The information management system 150 receives or accesses the various production copies and metadata. It then creates nonproduction copies (such as backup operations, archive operations, or snapshot operations) of these data items and metadata. These nonproduction copies are often stored on one or more nonproduction storage media 265 that differ from the production storage medium 218, where the production copies and metadata are located. Non-production copies of data objects represent the production data object with its associated metadata as it existed at a certain point in time. The information management system 150 can create and manage several non-production copies for a specific data object, as a production copy changes over time, depending on whether it has been modified by the application 215, the hosted service 122 or the operating system. Since a copy of a particular data object can be removed from the original file system and production data storage medium, the information system 150 may manage multiple non-production copies of that object. Each copy represents the state of the production data object or metadata at a specific point in time.

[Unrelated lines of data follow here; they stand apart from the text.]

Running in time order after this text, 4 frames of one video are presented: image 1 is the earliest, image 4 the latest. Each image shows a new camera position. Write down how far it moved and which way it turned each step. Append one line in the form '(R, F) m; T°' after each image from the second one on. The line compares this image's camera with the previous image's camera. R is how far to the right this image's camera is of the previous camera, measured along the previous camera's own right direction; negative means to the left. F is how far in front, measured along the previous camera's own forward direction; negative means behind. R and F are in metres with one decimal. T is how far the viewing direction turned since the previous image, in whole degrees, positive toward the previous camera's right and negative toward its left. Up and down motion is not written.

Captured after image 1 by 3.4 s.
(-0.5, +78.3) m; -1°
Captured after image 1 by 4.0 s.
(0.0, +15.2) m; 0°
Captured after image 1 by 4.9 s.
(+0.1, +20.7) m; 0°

The information management system may create non-production copies of discrete data objects stored in a virtual disk file (e.g., documents, email mailboxes, and spreadsheets) and/or non-production copies of the entire virtual disk file itself (e.g., a copy created by the information management system). The information management system can create non-production versions of discrete data objects (e.g. documents, email accounts, spreadsheets), and/or copies of the virtual disk itself (e.g. a copy of a.vmdk).

Each non-production object 260A to C may contain or represent copies of more than one production object. Non-production object (260A) represents, for example, three production data objects, 255C,230, and 245C. 260A, for example, is a non-production object that represents three separate production data objects 255C (represented as 245C?), 230? As indicated by the prime marking (? A non-production object can store a representation or metadata of a production object in a format that is different from the original data object format, for example, compressed, encrypted, duplicated, or optimized. While FIG. Although FIG. A single non-production object (260) may also contain or represent production data items that originate from different computing devices.

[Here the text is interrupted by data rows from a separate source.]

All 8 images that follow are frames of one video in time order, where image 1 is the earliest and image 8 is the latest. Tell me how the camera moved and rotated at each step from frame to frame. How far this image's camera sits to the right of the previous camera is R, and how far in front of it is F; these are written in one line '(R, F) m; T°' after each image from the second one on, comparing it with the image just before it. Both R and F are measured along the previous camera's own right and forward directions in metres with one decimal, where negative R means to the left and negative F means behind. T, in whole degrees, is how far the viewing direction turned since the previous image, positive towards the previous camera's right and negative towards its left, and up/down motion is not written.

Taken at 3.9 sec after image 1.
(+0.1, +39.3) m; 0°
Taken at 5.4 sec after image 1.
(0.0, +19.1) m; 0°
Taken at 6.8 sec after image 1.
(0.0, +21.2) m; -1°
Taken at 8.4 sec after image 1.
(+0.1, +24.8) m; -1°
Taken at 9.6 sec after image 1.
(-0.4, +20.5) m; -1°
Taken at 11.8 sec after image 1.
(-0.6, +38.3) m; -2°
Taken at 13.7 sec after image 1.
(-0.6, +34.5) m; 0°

Non-production copies are backup copies, archives copies, and snapshots copies. Backup copies are used to protect and restore data for a shorter period of time. They can be native or non-native formats (e.g. compressed, encrypted, duplicated and/or modified from the original format). Archive copies may be deduplicated, compressed, encrypted or otherwise modified to the original format. In some cases, an archive copy can be made of a data item and a stub or logical reference may be used in place of the production copy on the production storage medium. In these examples, the stub can point to the archive copy of a data object that is stored on the non-production medium in order for the information management system to retrieve it if necessary. The stub may also include some metadata associated with the data object, so that a file system and/or application can provide some information about the data object and/or a limited-functionality version (e.g., a preview) of the data object. A snapshot copy is a representation of a data item at a specific point in time. The large amount of data does not need to be copied or relocated, so a snapshot copy can easily be created without affecting production computing resources. A snapshot copy can include a collection of pointers that are derived from a file system or application. Each pointer will point to a specific stored data block. Collectively, these pointers represent the state and storage location of the data object as of a certain point in time, when the snapshot was created. If a block of information is to be changed or deleted, the snapshot writes it to a specific data storage location. The pointer is then directed to this location. The snapshot can store the pointers or the blocks that are pointed at by the snapshot.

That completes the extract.